LC3B: From Autophagy to Cancer

LC3B is subunit component of the LC3 autophagy biomarker associated with microtubule-associated proteins MAP1A and MAP1B and one of the best characterized markers to date. In resting state, it is cytosolic, but upon activation, is lapidated and becomes embedded in the autophagosomal membrane.
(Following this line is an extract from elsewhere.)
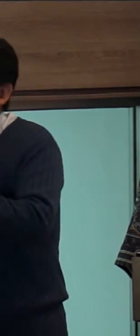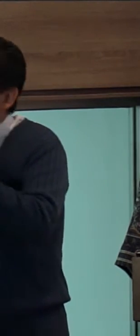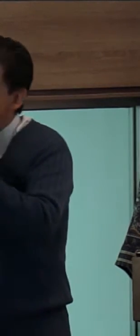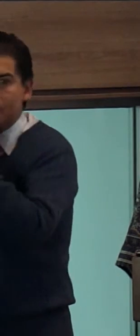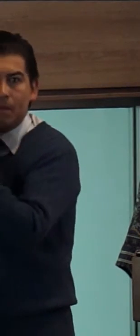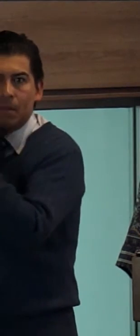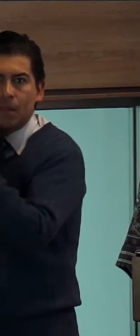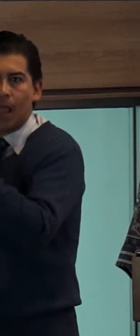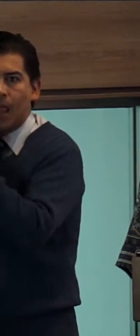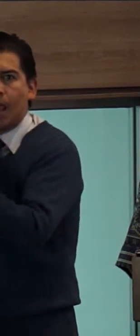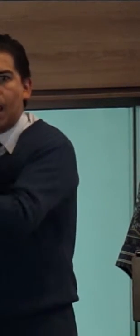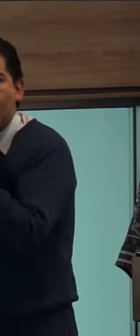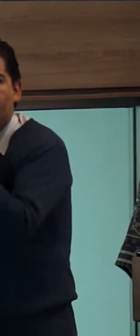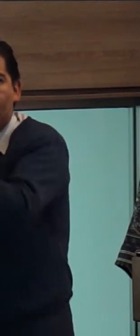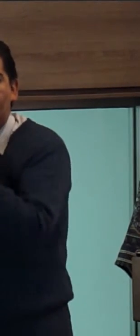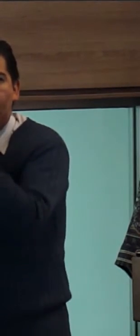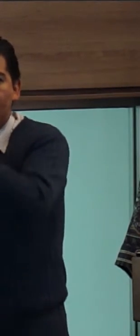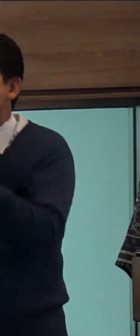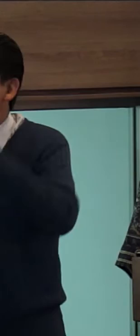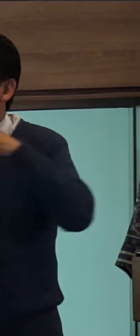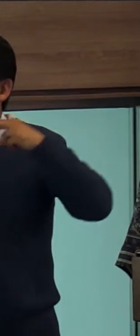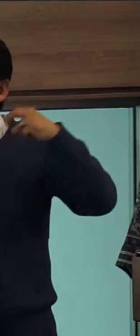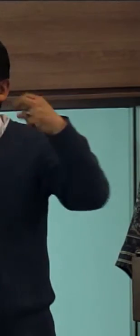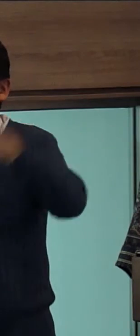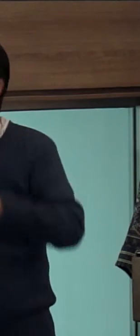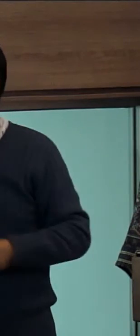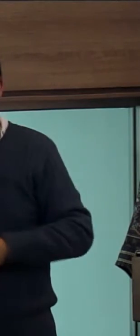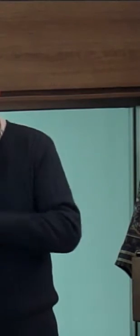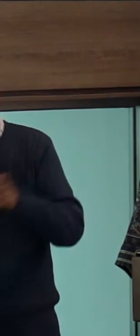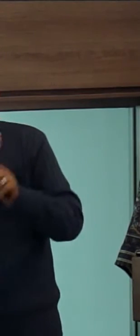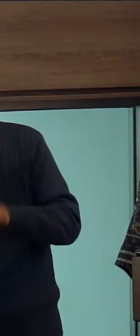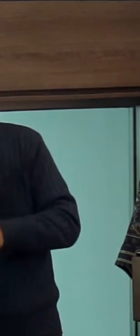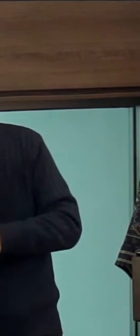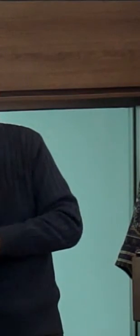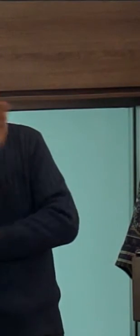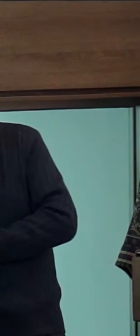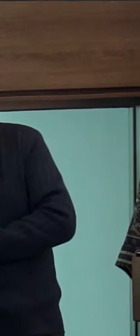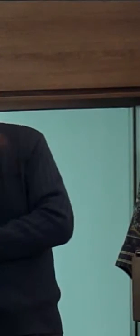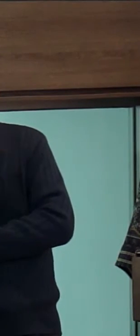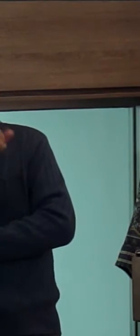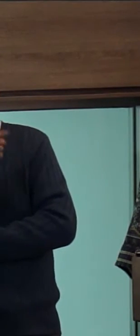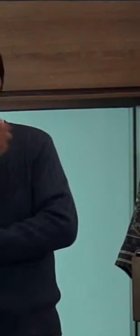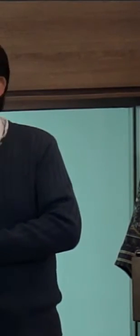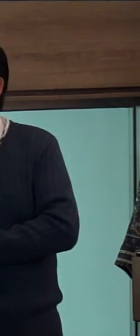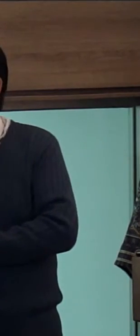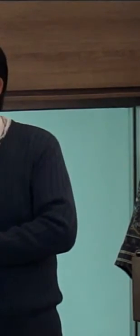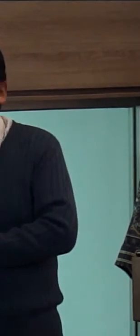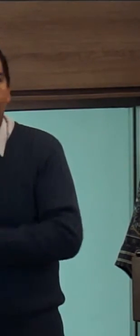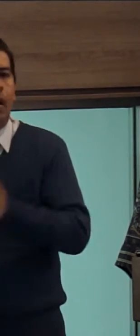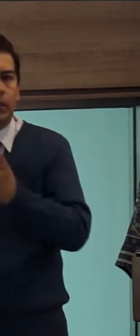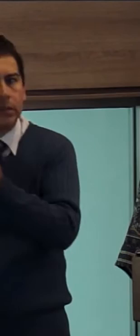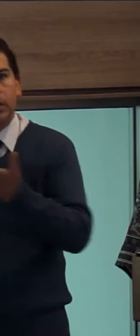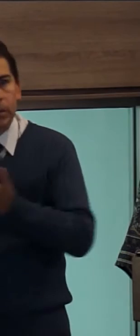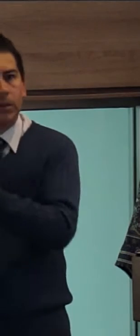dudas o alimentando la idea o el conocimiento relacionado con contenidos violentos discriminatorios
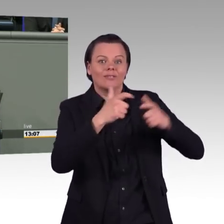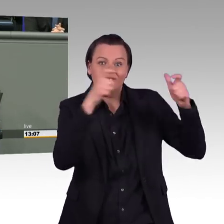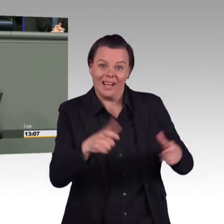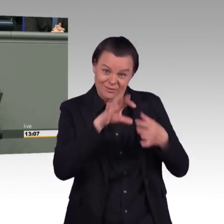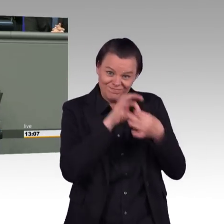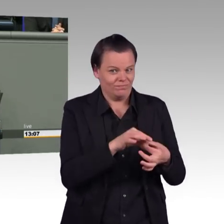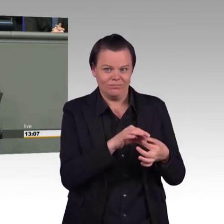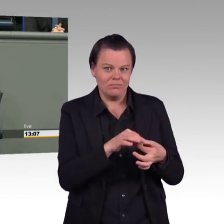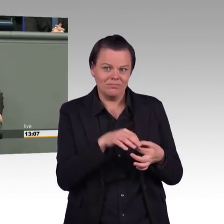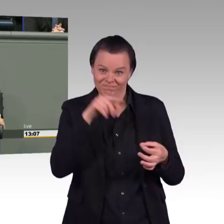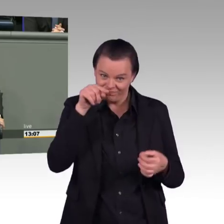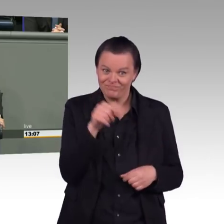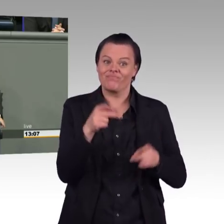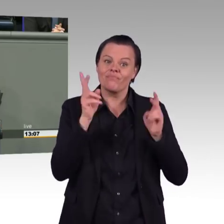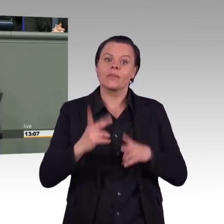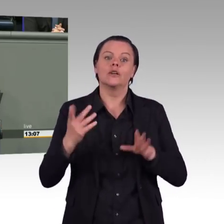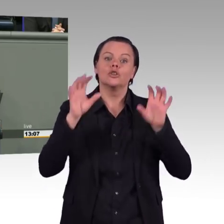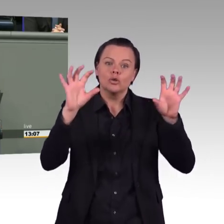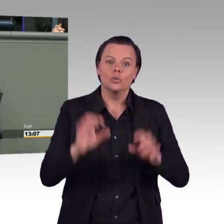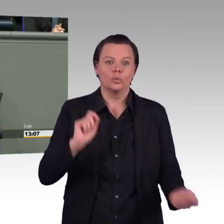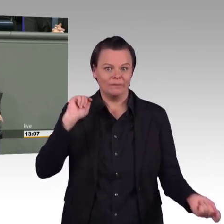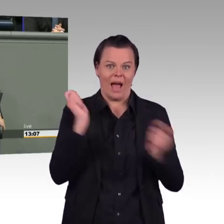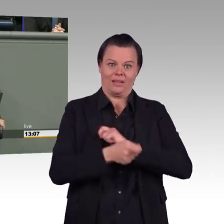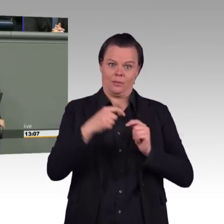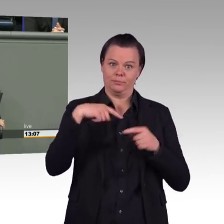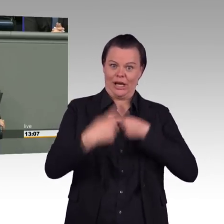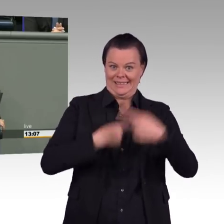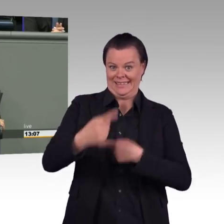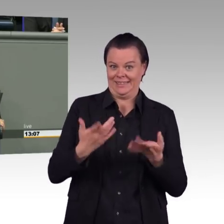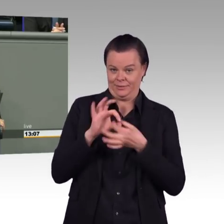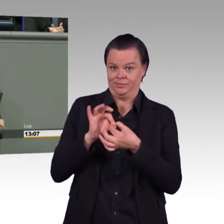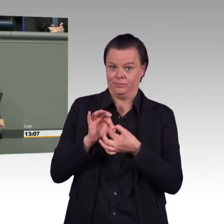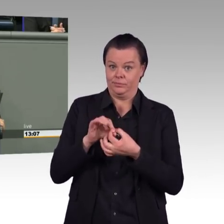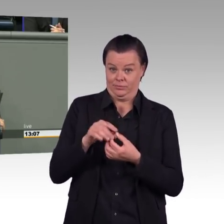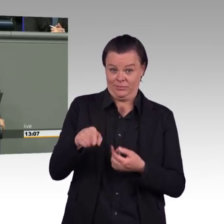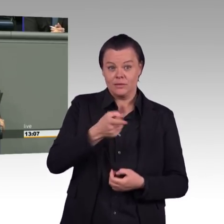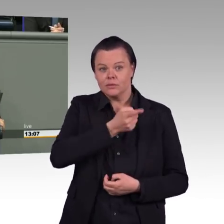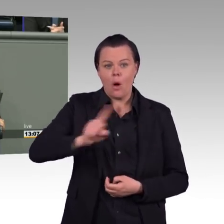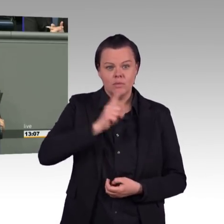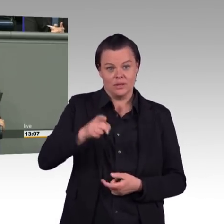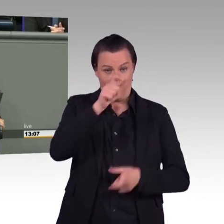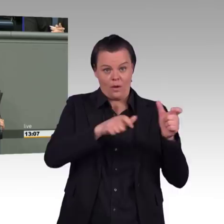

The role of autophagy as an alternative cell energy source under stress (conditions such as GF deprivation, starvation, and hypoxia) is well-documented. LC3B antibody was used in confocal microscopy studies to examine a three-dimensional bovine mammary epithelial cell (MEC) culture system (1). LC3 was part of a panel of autophagic and apoptotic markers followed in the development of acinar structures in response to steroid hormones. Another morphogenesis marker study examined systemic inflammation and autophagy with a panel that included the LC3B antibody and found that cardiac patients with postoperative atrial fibrillation (POAF) after coronary artery bypass heart surgery also presented with ultrastructural atrial remodeling and impaired autophagy (2). LC3B antibody allowed researchers to adopt a multidimensional proteomics approach with immunoblot validation, which eventually enabled the identification of caspase-3 as a regulator of in human endothelial cells (HEC) in response to nutrient deficiency (3). Life has developed a quantitative and objective TR-FRET immunoassay that can be performed on a plate reader (4). This facile assay uses LC3B antibody due to its preferential affinity for the activated (membrane-bound) form of LC3B, and its high-throughput screening potential. The role of LC3B in oncology is being pursued by investigators at MD Anderson who generated LC3B antibody after their cDNA microarray analyses of autophagic glioblastoma cell lines indicated that monitoring LC3B expression would be valuable in predicting patient outcome and survival rates (5).